EXTRACTED MATERIAL ▸
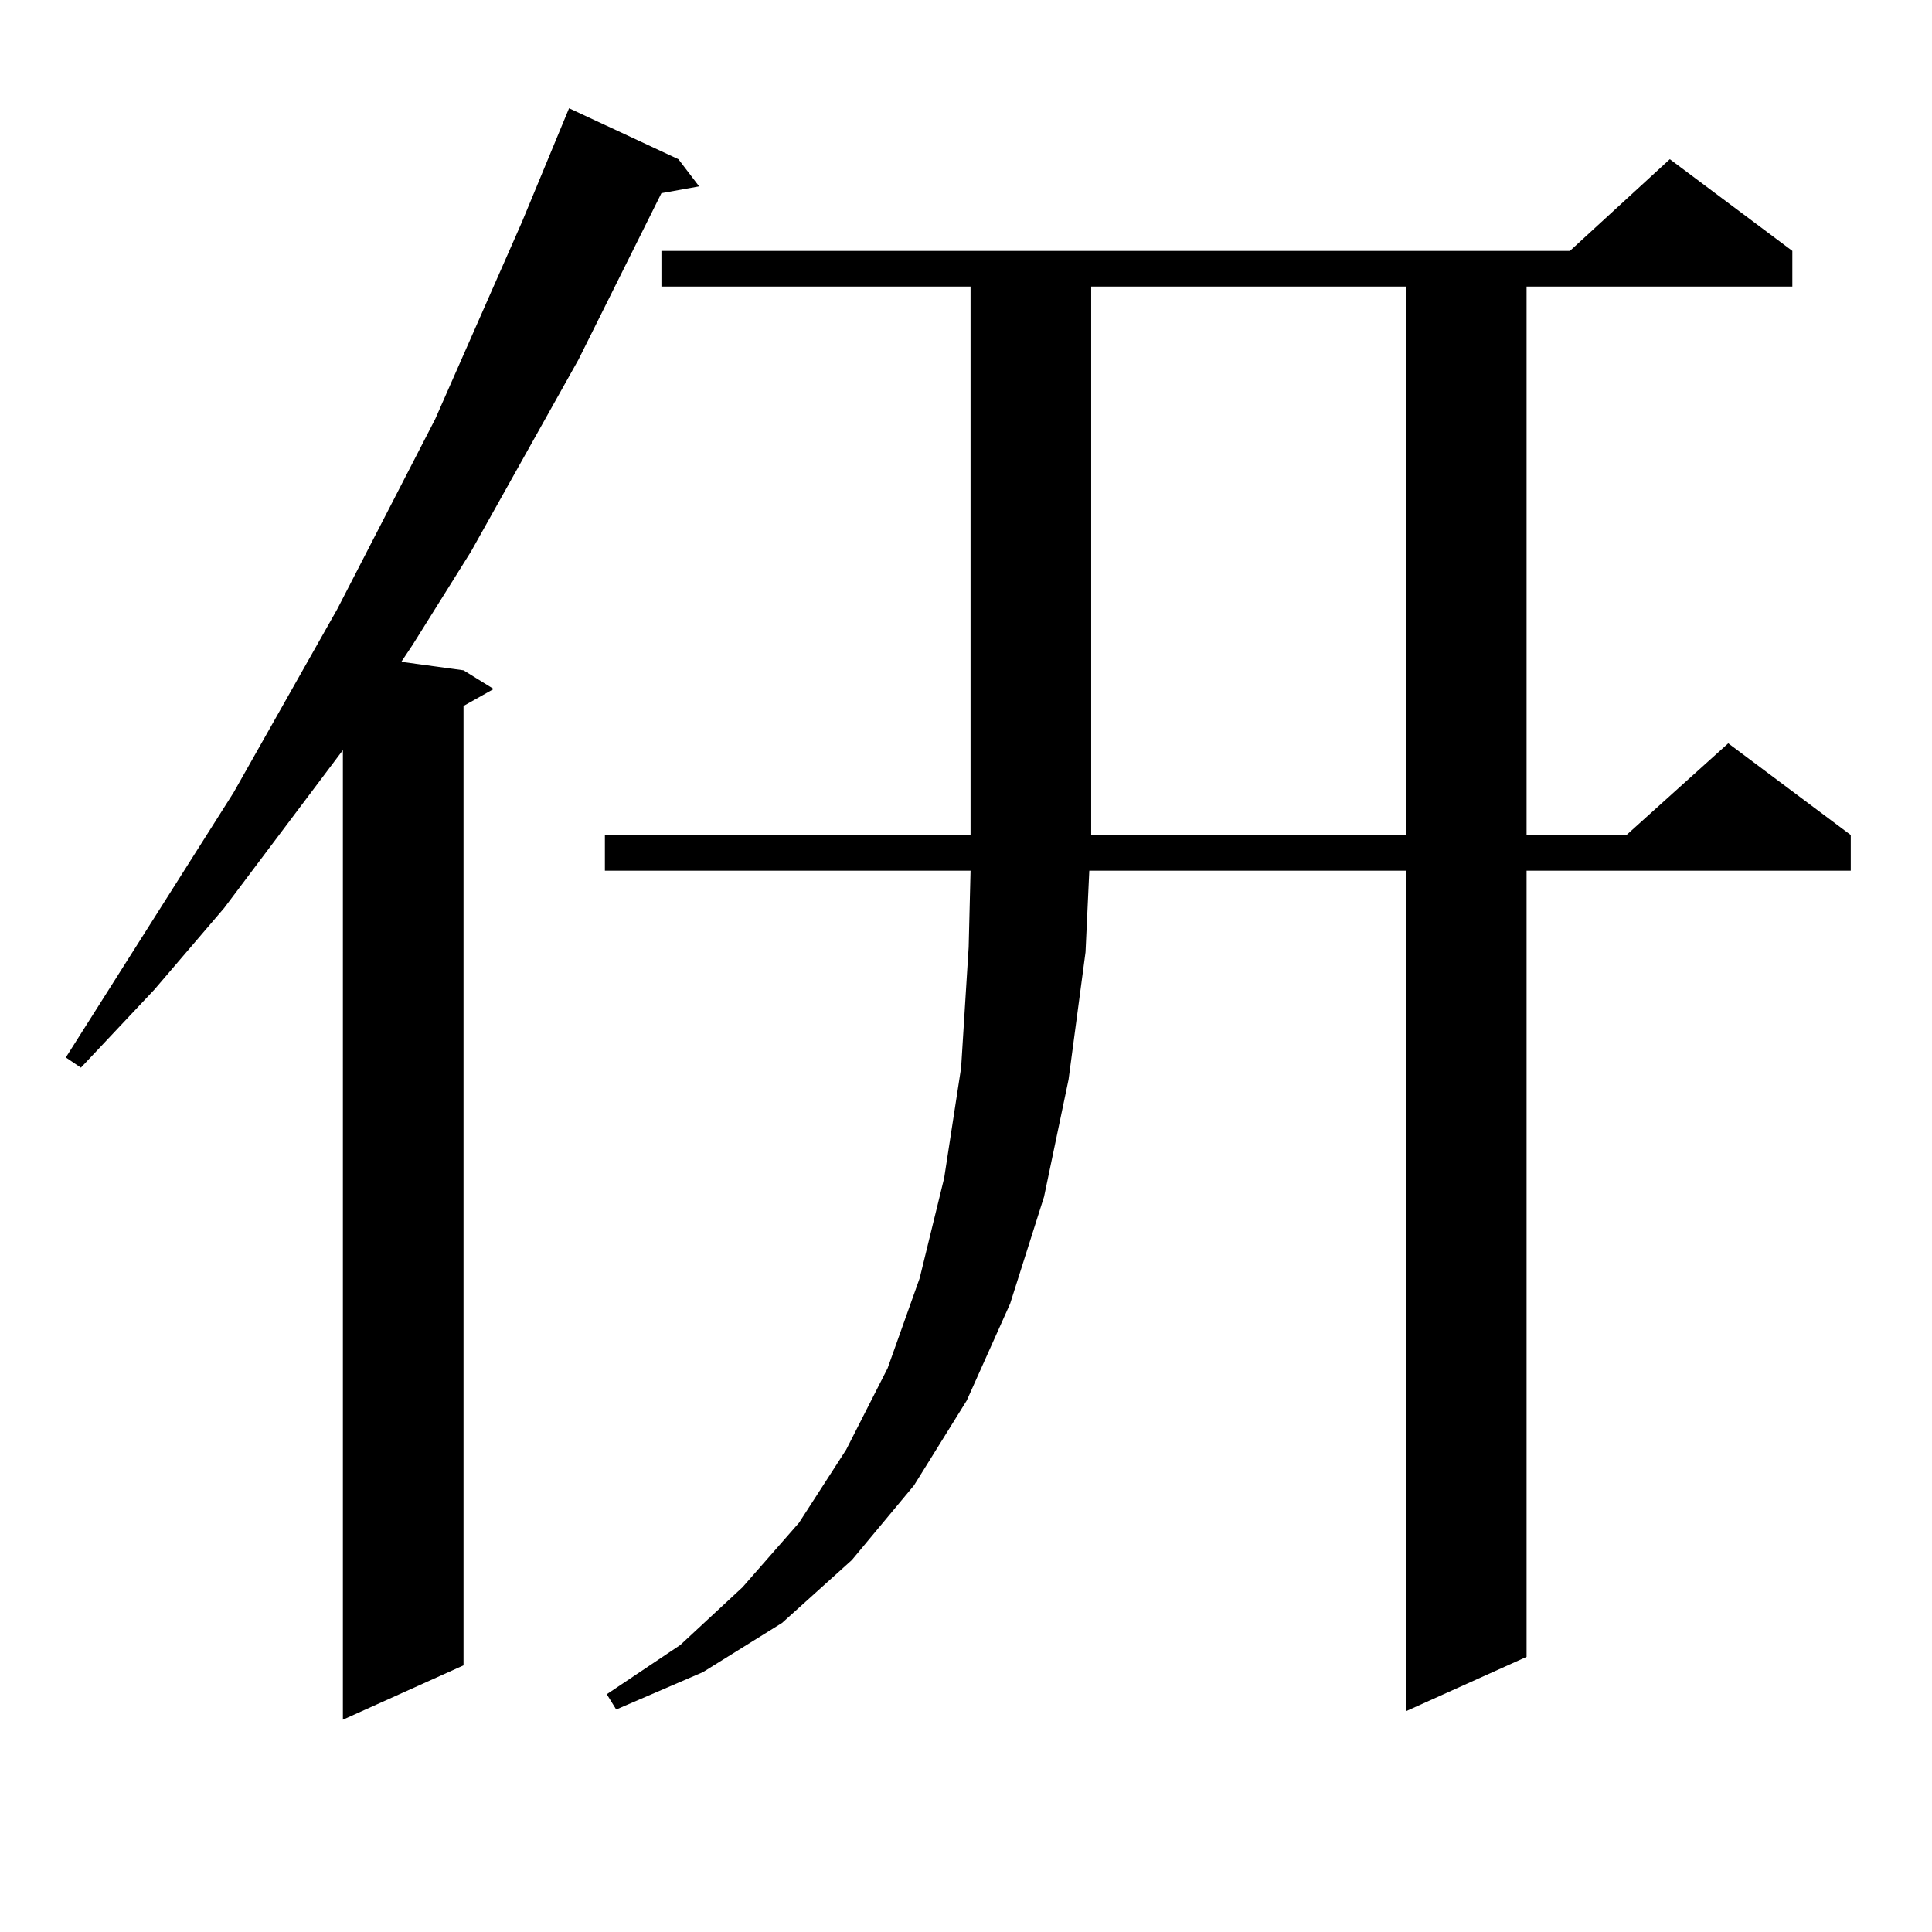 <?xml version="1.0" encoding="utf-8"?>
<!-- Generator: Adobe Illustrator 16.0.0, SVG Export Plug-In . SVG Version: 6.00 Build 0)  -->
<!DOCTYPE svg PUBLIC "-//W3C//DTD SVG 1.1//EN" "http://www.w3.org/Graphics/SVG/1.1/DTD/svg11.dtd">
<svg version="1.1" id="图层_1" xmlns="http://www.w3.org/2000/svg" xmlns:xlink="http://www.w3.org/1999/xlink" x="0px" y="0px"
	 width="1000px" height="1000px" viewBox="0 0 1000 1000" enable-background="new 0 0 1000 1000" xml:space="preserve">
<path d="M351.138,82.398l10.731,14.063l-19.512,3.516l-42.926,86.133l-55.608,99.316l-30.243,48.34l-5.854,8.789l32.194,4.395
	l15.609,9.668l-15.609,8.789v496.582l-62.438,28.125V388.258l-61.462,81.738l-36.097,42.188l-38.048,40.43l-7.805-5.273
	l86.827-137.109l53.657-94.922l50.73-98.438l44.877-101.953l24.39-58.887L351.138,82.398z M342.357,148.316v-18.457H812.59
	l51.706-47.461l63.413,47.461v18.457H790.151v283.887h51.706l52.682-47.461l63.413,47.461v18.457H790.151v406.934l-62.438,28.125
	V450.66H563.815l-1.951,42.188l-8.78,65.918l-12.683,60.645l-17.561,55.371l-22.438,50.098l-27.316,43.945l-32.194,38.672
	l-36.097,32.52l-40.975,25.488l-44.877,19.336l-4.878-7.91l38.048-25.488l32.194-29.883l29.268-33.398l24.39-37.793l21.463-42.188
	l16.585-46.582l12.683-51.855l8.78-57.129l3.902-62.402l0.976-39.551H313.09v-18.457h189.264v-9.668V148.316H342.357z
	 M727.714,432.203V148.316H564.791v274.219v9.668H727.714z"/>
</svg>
==
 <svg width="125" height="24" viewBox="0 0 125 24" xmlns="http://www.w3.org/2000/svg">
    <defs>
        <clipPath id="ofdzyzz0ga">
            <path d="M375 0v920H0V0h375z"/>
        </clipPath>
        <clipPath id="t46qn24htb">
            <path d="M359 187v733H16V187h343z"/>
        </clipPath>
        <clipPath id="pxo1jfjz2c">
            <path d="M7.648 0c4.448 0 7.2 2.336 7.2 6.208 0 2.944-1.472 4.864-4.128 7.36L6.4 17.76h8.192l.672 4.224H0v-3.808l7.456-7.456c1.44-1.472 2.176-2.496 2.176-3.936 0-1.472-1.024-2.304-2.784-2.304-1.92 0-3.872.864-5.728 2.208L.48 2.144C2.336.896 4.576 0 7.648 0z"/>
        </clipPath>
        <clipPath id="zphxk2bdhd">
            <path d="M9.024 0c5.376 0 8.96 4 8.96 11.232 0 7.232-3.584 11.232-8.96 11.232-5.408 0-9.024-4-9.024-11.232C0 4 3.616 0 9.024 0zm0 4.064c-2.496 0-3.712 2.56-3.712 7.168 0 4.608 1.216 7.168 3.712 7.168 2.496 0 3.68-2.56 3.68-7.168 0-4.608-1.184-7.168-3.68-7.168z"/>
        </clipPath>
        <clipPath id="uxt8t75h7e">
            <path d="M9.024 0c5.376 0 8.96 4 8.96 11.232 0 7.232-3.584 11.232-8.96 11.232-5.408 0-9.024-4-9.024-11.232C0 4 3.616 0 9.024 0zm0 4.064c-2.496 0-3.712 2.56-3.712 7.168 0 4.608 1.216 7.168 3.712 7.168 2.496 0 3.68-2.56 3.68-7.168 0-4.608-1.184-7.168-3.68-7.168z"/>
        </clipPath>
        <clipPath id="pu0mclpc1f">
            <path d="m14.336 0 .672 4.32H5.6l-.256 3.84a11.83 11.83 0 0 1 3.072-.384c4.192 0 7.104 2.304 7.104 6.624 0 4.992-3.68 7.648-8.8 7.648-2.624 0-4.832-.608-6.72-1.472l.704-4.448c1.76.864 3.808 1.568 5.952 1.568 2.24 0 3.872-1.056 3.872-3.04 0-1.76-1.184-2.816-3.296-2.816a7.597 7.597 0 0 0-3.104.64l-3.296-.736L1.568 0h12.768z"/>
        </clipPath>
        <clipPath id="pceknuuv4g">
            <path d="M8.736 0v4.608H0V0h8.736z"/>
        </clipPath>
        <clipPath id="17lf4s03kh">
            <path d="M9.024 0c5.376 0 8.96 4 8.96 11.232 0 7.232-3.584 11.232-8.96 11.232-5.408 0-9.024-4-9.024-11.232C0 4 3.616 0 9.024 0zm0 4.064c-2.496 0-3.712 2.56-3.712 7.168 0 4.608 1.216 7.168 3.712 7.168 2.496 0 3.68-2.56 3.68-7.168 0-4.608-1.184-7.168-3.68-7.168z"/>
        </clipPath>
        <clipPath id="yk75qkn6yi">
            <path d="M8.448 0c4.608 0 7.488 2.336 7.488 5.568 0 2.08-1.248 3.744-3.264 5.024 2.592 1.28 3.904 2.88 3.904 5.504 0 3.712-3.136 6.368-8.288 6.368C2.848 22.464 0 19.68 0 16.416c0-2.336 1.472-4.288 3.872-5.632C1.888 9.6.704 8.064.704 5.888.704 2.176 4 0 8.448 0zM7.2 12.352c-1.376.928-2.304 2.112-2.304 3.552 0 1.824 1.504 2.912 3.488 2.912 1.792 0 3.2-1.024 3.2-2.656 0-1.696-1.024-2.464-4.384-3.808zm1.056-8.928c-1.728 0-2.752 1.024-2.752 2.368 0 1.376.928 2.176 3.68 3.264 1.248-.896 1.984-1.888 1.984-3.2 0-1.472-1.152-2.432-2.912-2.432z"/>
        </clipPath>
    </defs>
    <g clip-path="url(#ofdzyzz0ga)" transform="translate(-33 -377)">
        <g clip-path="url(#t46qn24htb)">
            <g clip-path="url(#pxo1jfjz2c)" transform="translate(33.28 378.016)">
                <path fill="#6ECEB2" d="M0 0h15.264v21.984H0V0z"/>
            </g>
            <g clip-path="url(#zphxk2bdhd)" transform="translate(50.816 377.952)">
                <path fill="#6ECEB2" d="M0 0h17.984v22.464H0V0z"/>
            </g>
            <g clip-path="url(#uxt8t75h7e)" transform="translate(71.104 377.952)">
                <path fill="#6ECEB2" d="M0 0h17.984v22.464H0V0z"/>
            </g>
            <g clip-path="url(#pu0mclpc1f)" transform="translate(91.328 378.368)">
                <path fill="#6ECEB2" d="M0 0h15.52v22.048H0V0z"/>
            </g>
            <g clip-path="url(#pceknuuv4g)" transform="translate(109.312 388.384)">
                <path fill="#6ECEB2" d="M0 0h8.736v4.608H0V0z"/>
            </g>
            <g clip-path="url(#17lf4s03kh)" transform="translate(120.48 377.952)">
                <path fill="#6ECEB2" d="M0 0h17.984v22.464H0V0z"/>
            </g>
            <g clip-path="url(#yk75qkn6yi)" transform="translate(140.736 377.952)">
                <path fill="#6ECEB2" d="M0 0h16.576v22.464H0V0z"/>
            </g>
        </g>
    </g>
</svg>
...
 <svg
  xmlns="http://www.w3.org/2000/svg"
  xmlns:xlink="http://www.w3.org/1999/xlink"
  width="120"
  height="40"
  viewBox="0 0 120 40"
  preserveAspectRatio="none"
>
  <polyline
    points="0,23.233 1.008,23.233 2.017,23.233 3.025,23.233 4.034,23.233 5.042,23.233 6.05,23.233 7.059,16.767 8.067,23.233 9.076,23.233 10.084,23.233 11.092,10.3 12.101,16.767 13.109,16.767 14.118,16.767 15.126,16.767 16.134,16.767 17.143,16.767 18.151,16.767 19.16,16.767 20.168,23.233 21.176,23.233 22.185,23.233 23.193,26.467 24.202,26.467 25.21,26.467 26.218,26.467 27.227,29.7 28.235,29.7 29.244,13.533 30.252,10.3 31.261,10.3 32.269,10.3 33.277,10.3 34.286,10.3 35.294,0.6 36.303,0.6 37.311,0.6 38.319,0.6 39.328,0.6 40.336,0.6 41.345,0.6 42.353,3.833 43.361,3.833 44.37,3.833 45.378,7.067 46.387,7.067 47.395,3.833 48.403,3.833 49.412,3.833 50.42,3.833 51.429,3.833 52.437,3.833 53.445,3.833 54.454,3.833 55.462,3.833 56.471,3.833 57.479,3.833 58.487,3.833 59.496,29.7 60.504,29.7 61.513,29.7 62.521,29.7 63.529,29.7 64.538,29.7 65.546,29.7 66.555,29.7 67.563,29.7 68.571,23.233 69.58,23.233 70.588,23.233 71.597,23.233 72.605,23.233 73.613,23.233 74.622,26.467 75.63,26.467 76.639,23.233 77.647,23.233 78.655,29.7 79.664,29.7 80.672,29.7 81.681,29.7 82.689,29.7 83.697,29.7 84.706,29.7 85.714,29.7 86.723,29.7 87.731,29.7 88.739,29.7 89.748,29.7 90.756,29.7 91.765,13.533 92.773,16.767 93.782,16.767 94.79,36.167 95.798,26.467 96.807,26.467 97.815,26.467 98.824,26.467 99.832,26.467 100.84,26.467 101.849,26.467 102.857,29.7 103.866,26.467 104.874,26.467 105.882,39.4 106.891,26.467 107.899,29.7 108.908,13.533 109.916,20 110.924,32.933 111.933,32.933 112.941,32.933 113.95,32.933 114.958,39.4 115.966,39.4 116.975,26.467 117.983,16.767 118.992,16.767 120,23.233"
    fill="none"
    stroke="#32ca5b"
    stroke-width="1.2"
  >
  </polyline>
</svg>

WHAT TO PRODUCE ▸ Reproduce each line of the records in which "xlink" appears.

WRITTEN ANSWER ▸
<svg version="1.1" id="图层_1" xmlns="http://www.w3.org/2000/svg" xmlns:xlink="http://www.w3.org/1999/xlink" x="0px" y="0px"
  xmlns:xlink="http://www.w3.org/1999/xlink"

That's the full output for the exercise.